Ahluwalia et al[31], 2016	40 healthy controls and 147 cirrhotics (85 cirrhotic patients had HE); stool samples and brain MRI assessment	Effort to understand the role of impaired gut-liver-brain axis in cirrhosis. Gut microbial changes are linked with systemic inflammation, ammonia and ultimately with neuronal and astrocytic dysfunction in cirrhotic patients, especially those with HE
Chen et al[15], 2016	30 cirrhotic patients and 28 healthy subjects; study of the duodenal microbiome	Duodenal mucosa microbiota in cirrhotic patients is dramatically different from healthy controls. The duodenum dysbiosis might be related to alterations of oral microbiota and changes in duodenal micro-environment. Possible associations between small intestinal microbiota of oral origins and hepatic encephalopathy.

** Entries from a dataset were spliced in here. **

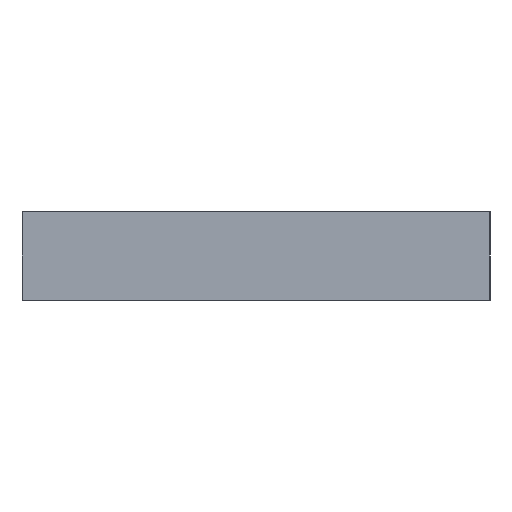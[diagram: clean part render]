
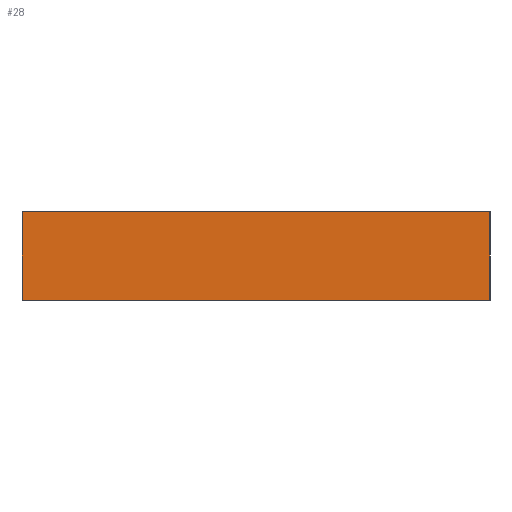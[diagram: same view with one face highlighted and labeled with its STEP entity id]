
A CAD part, left-side view. The second image highlights one B-rep face of the part: STEP entity #28.
In plain terms, the highlighted planar face has unit normal (-1, 0, 0).
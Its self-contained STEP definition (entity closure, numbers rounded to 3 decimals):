
#28 = ADVANCED_FACE('',(#29),#43,.F.);
#29 = FACE_BOUND('',#30,.F.);
#30 = EDGE_LOOP('',(#31,#66,#94,#122));
#31 = ORIENTED_EDGE('',*,*,#32,.T.);
#32 = EDGE_CURVE('',#33,#35,#37,.T.);
#33 = VERTEX_POINT('',#34);
#34 = CARTESIAN_POINT('',(123.5,-95.25,0.));
#35 = VERTEX_POINT('',#36);
#36 = CARTESIAN_POINT('',(123.5,-95.25,1.6));
#37 = SURFACE_CURVE('',#38,(#42,#54),.PCURVE_S1.);
#38 = LINE('',#39,#40);
#39 = CARTESIAN_POINT('',(123.5,-95.25,0.));
#40 = VECTOR('',#41,1.);
#41 = DIRECTION('',(0.,0.,1.));
#42 = PCURVE('',#43,#48);
#43 = PLANE('',#44);
#44 = AXIS2_PLACEMENT_3D('',#45,#46,#47);
#45 = CARTESIAN_POINT('',(123.5,-95.25,0.));
#46 = DIRECTION('',(1.,0.,-0.));
#47 = DIRECTION('',(0.,-1.,0.));
#48 = DEFINITIONAL_REPRESENTATION('',(#49),#53);
#49 = LINE('',#50,#51);
#50 = CARTESIAN_POINT('',(0.,0.));
#51 = VECTOR('',#52,1.);
#52 = DIRECTION('',(0.,-1.));
#53 = ( GEOMETRIC_REPRESENTATION_CONTEXT(2) 
PARAMETRIC_REPRESENTATION_CONTEXT() REPRESENTATION_CONTEXT('2D SPACE',''
  ) );
#54 = PCURVE('',#55,#60);
#55 = PLANE('',#56);
#56 = AXIS2_PLACEMENT_3D('',#57,#58,#59);
#57 = CARTESIAN_POINT('',(142.,-95.25,0.));
#58 = DIRECTION('',(0.,-1.,0.));
#59 = DIRECTION('',(-1.,0.,0.));
#60 = DEFINITIONAL_REPRESENTATION('',(#61),#65);
#61 = LINE('',#62,#63);
#62 = CARTESIAN_POINT('',(18.5,0.));
#63 = VECTOR('',#64,1.);
#64 = DIRECTION('',(0.,-1.));
#65 = ( GEOMETRIC_REPRESENTATION_CONTEXT(2) 
PARAMETRIC_REPRESENTATION_CONTEXT() REPRESENTATION_CONTEXT('2D SPACE',''
  ) );
#66 = ORIENTED_EDGE('',*,*,#67,.T.);
#67 = EDGE_CURVE('',#35,#68,#70,.T.);
#68 = VERTEX_POINT('',#69);
#69 = CARTESIAN_POINT('',(123.5,-103.75,1.6));
#70 = SURFACE_CURVE('',#71,(#75,#82),.PCURVE_S1.);
#71 = LINE('',#72,#73);
#72 = CARTESIAN_POINT('',(123.5,-95.25,1.6));
#73 = VECTOR('',#74,1.);
#74 = DIRECTION('',(0.,-1.,0.));
#75 = PCURVE('',#43,#76);
#76 = DEFINITIONAL_REPRESENTATION('',(#77),#81);
#77 = LINE('',#78,#79);
#78 = CARTESIAN_POINT('',(0.,-1.6));
#79 = VECTOR('',#80,1.);
#80 = DIRECTION('',(1.,0.));
#81 = ( GEOMETRIC_REPRESENTATION_CONTEXT(2) 
PARAMETRIC_REPRESENTATION_CONTEXT() REPRESENTATION_CONTEXT('2D SPACE',''
  ) );
#82 = PCURVE('',#83,#88);
#83 = PLANE('',#84);
#84 = AXIS2_PLACEMENT_3D('',#85,#86,#87);
#85 = CARTESIAN_POINT('',(132.75,-99.5,1.6));
#86 = DIRECTION('',(0.,0.,1.));
#87 = DIRECTION('',(1.,0.,-0.));
#88 = DEFINITIONAL_REPRESENTATION('',(#89),#93);
#89 = LINE('',#90,#91);
#90 = CARTESIAN_POINT('',(-9.25,4.25));
#91 = VECTOR('',#92,1.);
#92 = DIRECTION('',(0.,-1.));
#93 = ( GEOMETRIC_REPRESENTATION_CONTEXT(2) 
PARAMETRIC_REPRESENTATION_CONTEXT() REPRESENTATION_CONTEXT('2D SPACE',''
  ) );
#94 = ORIENTED_EDGE('',*,*,#95,.F.);
#95 = EDGE_CURVE('',#96,#68,#98,.T.);
#96 = VERTEX_POINT('',#97);
#97 = CARTESIAN_POINT('',(123.5,-103.75,0.));
#98 = SURFACE_CURVE('',#99,(#103,#110),.PCURVE_S1.);
#99 = LINE('',#100,#101);
#100 = CARTESIAN_POINT('',(123.5,-103.75,0.));
#101 = VECTOR('',#102,1.);
#102 = DIRECTION('',(0.,0.,1.));
#103 = PCURVE('',#43,#104);
#104 = DEFINITIONAL_REPRESENTATION('',(#105),#109);
#105 = LINE('',#106,#107);
#106 = CARTESIAN_POINT('',(8.5,0.));
#107 = VECTOR('',#108,1.);
#108 = DIRECTION('',(0.,-1.));
#109 = ( GEOMETRIC_REPRESENTATION_CONTEXT(2) 
PARAMETRIC_REPRESENTATION_CONTEXT() REPRESENTATION_CONTEXT('2D SPACE',''
  ) );
#110 = PCURVE('',#111,#116);
#111 = PLANE('',#112);
#112 = AXIS2_PLACEMENT_3D('',#113,#114,#115);
#113 = CARTESIAN_POINT('',(123.5,-103.75,0.));
#114 = DIRECTION('',(0.,1.,0.));
#115 = DIRECTION('',(1.,0.,0.));
#116 = DEFINITIONAL_REPRESENTATION('',(#117),#121);
#117 = LINE('',#118,#119);
#118 = CARTESIAN_POINT('',(0.,0.));
#119 = VECTOR('',#120,1.);
#120 = DIRECTION('',(0.,-1.));
#121 = ( GEOMETRIC_REPRESENTATION_CONTEXT(2) 
PARAMETRIC_REPRESENTATION_CONTEXT() REPRESENTATION_CONTEXT('2D SPACE',''
  ) );
#122 = ORIENTED_EDGE('',*,*,#123,.F.);
#123 = EDGE_CURVE('',#33,#96,#124,.T.);
#124 = SURFACE_CURVE('',#125,(#129,#136),.PCURVE_S1.);
#125 = LINE('',#126,#127);
#126 = CARTESIAN_POINT('',(123.5,-95.25,0.));
#127 = VECTOR('',#128,1.);
#128 = DIRECTION('',(0.,-1.,0.));
#129 = PCURVE('',#43,#130);
#130 = DEFINITIONAL_REPRESENTATION('',(#131),#135);
#131 = LINE('',#132,#133);
#132 = CARTESIAN_POINT('',(0.,0.));
#133 = VECTOR('',#134,1.);
#134 = DIRECTION('',(1.,0.));
#135 = ( GEOMETRIC_REPRESENTATION_CONTEXT(2) 
PARAMETRIC_REPRESENTATION_CONTEXT() REPRESENTATION_CONTEXT('2D SPACE',''
  ) );
#136 = PCURVE('',#137,#142);
#137 = PLANE('',#138);
#138 = AXIS2_PLACEMENT_3D('',#139,#140,#141);
#139 = CARTESIAN_POINT('',(132.75,-99.5,0.));
#140 = DIRECTION('',(0.,0.,1.));
#141 = DIRECTION('',(1.,0.,-0.));
#142 = DEFINITIONAL_REPRESENTATION('',(#143),#147);
#143 = LINE('',#144,#145);
#144 = CARTESIAN_POINT('',(-9.25,4.25));
#145 = VECTOR('',#146,1.);
#146 = DIRECTION('',(0.,-1.));
#147 = ( GEOMETRIC_REPRESENTATION_CONTEXT(2) 
PARAMETRIC_REPRESENTATION_CONTEXT() REPRESENTATION_CONTEXT('2D SPACE',''
  ) );
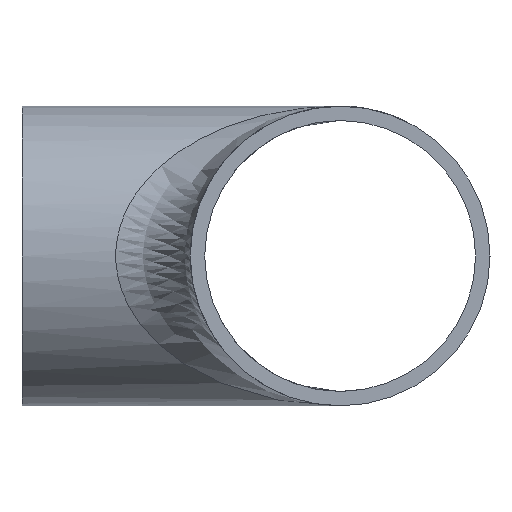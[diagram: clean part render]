
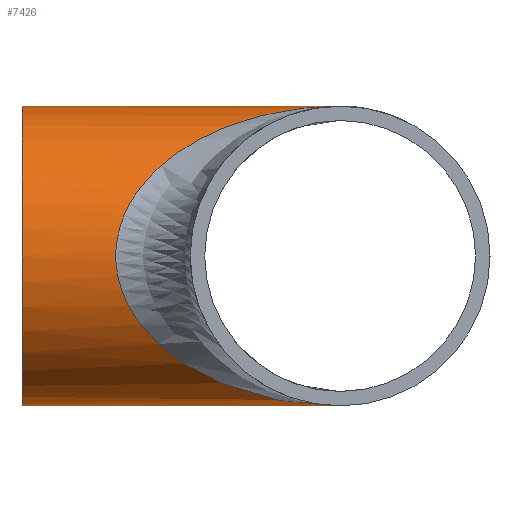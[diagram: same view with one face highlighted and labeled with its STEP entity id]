
A CAD part, left-side view. The second image highlights one B-rep face of the part: STEP entity #7426.
In plain terms, the highlighted cylindrical face has radius 30.15 mm (diameter 60.3 mm), a full revolution.
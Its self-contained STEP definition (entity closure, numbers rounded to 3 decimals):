
#336 = VERTEX_POINT ( 'NONE', #19655 ) ;
#806 = FACE_OUTER_BOUND ( 'NONE', #14154, .T. ) ;
#1735 = VERTEX_POINT ( 'NONE', #7871 ) ;
#2574 = CARTESIAN_POINT ( 'NONE',  ( -0.242, 0.362, -30.149 ) ) ;
#2781 = CIRCLE ( 'NONE', #15719, 30.15 ) ;
#3688 =( BOUNDED_CURVE ( )  B_SPLINE_CURVE ( 3, ( #10923, #8219, #16375, #10082 ),
 .UNSPECIFIED., .F., .F. ) 
 B_SPLINE_CURVE_WITH_KNOTS ( ( 4, 4 ),
 ( 1.579, 4.704 ),
 .UNSPECIFIED. ) 
 CURVE ( )  GEOMETRIC_REPRESENTATION_ITEM ( )  RATIONAL_B_SPLINE_CURVE ( ( 1., 0.339, 0.339, 1. ) ) 
 REPRESENTATION_ITEM ( '' )  );
#4724 = AXIS2_PLACEMENT_3D ( 'NONE', #4804, #15904, #16038 ) ;
#4804 = CARTESIAN_POINT ( 'NONE',  ( 0., 64., 0. ) ) ;
#4835 = CARTESIAN_POINT ( 'NONE',  ( 0., 0.362, 0. ) ) ;
#5581 = AXIS2_PLACEMENT_3D ( 'NONE', #11761, #10153, #11826 ) ;
#7426 = ADVANCED_FACE ( 'NONE', ( #806, #9901 ), #14645, .T. ) ;
#7871 = CARTESIAN_POINT ( 'NONE',  ( -0.242, 0.362, -30.149 ) ) ;
#8219 = CARTESIAN_POINT ( 'NONE',  ( 59.587, 89.232, 29.673 ) ) ;
#8537 = ORIENTED_EDGE ( 'NONE', *, *, #11930, .T. ) ;
#8866 = ORIENTED_EDGE ( 'NONE', *, *, #14169, .T. ) ;
#9190 = ORIENTED_EDGE ( 'NONE', *, *, #16737, .T. ) ;
#9392 = CARTESIAN_POINT ( 'NONE',  ( -0.242, 0.362, 30.149 ) ) ;
#9709 = DIRECTION ( 'NONE',  ( 0., 0., 1. ) ) ;
#9901 = FACE_OUTER_BOUND ( 'NONE', #15956, .T. ) ;
#10082 = CARTESIAN_POINT ( 'NONE',  ( 0.242, 0.362, -30.149 ) ) ;
#10153 = DIRECTION ( 'NONE',  ( 0., -1., 0. ) ) ;
#10923 = CARTESIAN_POINT ( 'NONE',  ( 0.242, 0.362, 30.149 ) ) ;
#11418 = DIRECTION ( 'NONE',  ( 0., 0., 1. ) ) ;
#11485 = DIRECTION ( 'NONE',  ( 0., 1., 0. ) ) ;
#11761 = CARTESIAN_POINT ( 'NONE',  ( 0., 0., 0. ) ) ;
#11826 = DIRECTION ( 'NONE',  ( 0., 0., -1. ) ) ;
#11930 = EDGE_CURVE ( 'NONE', #1735, #12700, #17959, .T. ) ;
#12118 = CARTESIAN_POINT ( 'NONE',  ( -0.242, 0.362, 30.149 ) ) ;
#12677 = ORIENTED_EDGE ( 'NONE', *, *, #16852, .T. ) ;
#12700 = VERTEX_POINT ( 'NONE', #12118 ) ;
#13738 = CARTESIAN_POINT ( 'NONE',  ( 0., 64., -30.15 ) ) ;
#13770 = VERTEX_POINT ( 'NONE', #13738 ) ;
#14154 = EDGE_LOOP ( 'NONE', ( #8866 ) ) ;
#14169 = EDGE_CURVE ( 'NONE', #13770, #13770, #20166, .T. ) ;
#14408 = ORIENTED_EDGE ( 'NONE', *, *, #17262, .T. ) ;
#14445 = DIRECTION ( 'NONE',  ( 0., 1., 0. ) ) ;
#14645 = CYLINDRICAL_SURFACE ( 'NONE', #5581, 30.15 ) ;
#15635 = CARTESIAN_POINT ( 'NONE',  ( -59.587, 89.232, -29.673 ) ) ;
#15719 = AXIS2_PLACEMENT_3D ( 'NONE', #17964, #11485, #11418 ) ;
#15904 = DIRECTION ( 'NONE',  ( 0., -1., 0. ) ) ;
#15956 = EDGE_LOOP ( 'NONE', ( #14408, #12677, #9190, #8537 ) ) ;
#16038 = DIRECTION ( 'NONE',  ( 0., 0., -1. ) ) ;
#16375 = CARTESIAN_POINT ( 'NONE',  ( 59.587, 89.232, -29.673 ) ) ;
#16599 = CIRCLE ( 'NONE', #18260, 30.15 ) ;
#16737 = EDGE_CURVE ( 'NONE', #19660, #1735, #2781, .T. ) ;
#16852 = EDGE_CURVE ( 'NONE', #336, #19660, #3688, .T. ) ;
#17262 = EDGE_CURVE ( 'NONE', #12700, #336, #16599, .T. ) ;
#17562 = CARTESIAN_POINT ( 'NONE',  ( -59.587, 89.232, 29.673 ) ) ;
#17959 =( BOUNDED_CURVE ( )  B_SPLINE_CURVE ( 3, ( #2574, #15635, #17562, #9392 ),
 .UNSPECIFIED., .F., .F. ) 
 B_SPLINE_CURVE_WITH_KNOTS ( ( 4, 4 ),
 ( 1.579, 4.704 ),
 .UNSPECIFIED. ) 
 CURVE ( )  GEOMETRIC_REPRESENTATION_ITEM ( )  RATIONAL_B_SPLINE_CURVE ( ( 1., 0.339, 0.339, 1. ) ) 
 REPRESENTATION_ITEM ( '' )  );
#17964 = CARTESIAN_POINT ( 'NONE',  ( 0., 0.362, 0. ) ) ;
#18260 = AXIS2_PLACEMENT_3D ( 'NONE', #4835, #14445, #9709 ) ;
#18474 = CARTESIAN_POINT ( 'NONE',  ( 0.242, 0.362, -30.149 ) ) ;
#19655 = CARTESIAN_POINT ( 'NONE',  ( 0.242, 0.362, 30.149 ) ) ;
#19660 = VERTEX_POINT ( 'NONE', #18474 ) ;
#20166 = CIRCLE ( 'NONE', #4724, 30.15 ) ;
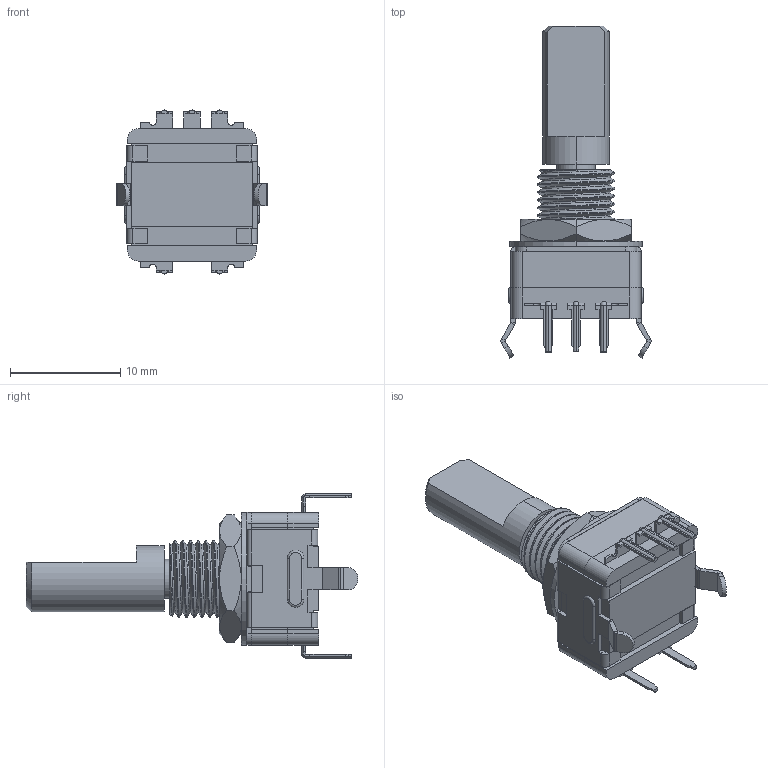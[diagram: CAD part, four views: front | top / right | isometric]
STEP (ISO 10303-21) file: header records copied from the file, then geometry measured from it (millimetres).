
FILE_DESCRIPTION (( 'STEP AP214' ), '1' );
FILE_NAME ('PEC11H-4220F-S0024.STEP', '2022-10-28T19:25:33', ( '' ), ( '' ), 'SwSTEP 2.0', 'SolidWorks 2017', '' );
FILE_SCHEMA (( 'AUTOMOTIVE_DESIGN' ));
Length unit declared in the file: millimetre
Products named in the file (1): PEC11H-4220F-S0024
Bounding box: 13.6 x 30.05 x 14.85 mm (x, y, z)
Volume: 1573.3 mm3; surface area: 2341.7 mm2
Topology: 11 solids, 11 shells, 385 faces, 949 edges, 589 vertices
Faces by surface type: plane 256, cylinder 109, torus 9, cone 8, bspline 3
Entity records: 12512 total; most frequent: CARTESIAN_POINT 3319, ORIENTED_EDGE 1898, DIRECTION 1856, EDGE_CURVE 949, VECTOR 684, LINE 684, VERTEX_POINT 589, AXIS2_PLACEMENT_3D 586

Santiago et al[34], 2016	27 patients (13 with ascites and 14 without ascites), 17 healthy controls; stool (n = 17) and serum (n = 7) microbiome analysis	Patients with ascites have a greater deterioration of the intestinal barrier integrity, also a higher degree of microbial translocation than those without ascites, thus leading to a higher microbial diversity and higher concentration of lipopolysaccharide binding protein (LBP) in serum Specific serum microbiome is linked to the presence of ascites Alteration of the serum and fecal microbiome composition be considered indicators of cirrhosis progression

HE: Hepatic encephalopathy; PPI: Proton-pump inhibitor; CDR: Cirrhosis dysbiosis ratio; ACLF: Acute-on-chronic liver failure; HBV: Hepatitis B virus; CLD: Chronic liver disease; DM: Diabetes mellitus.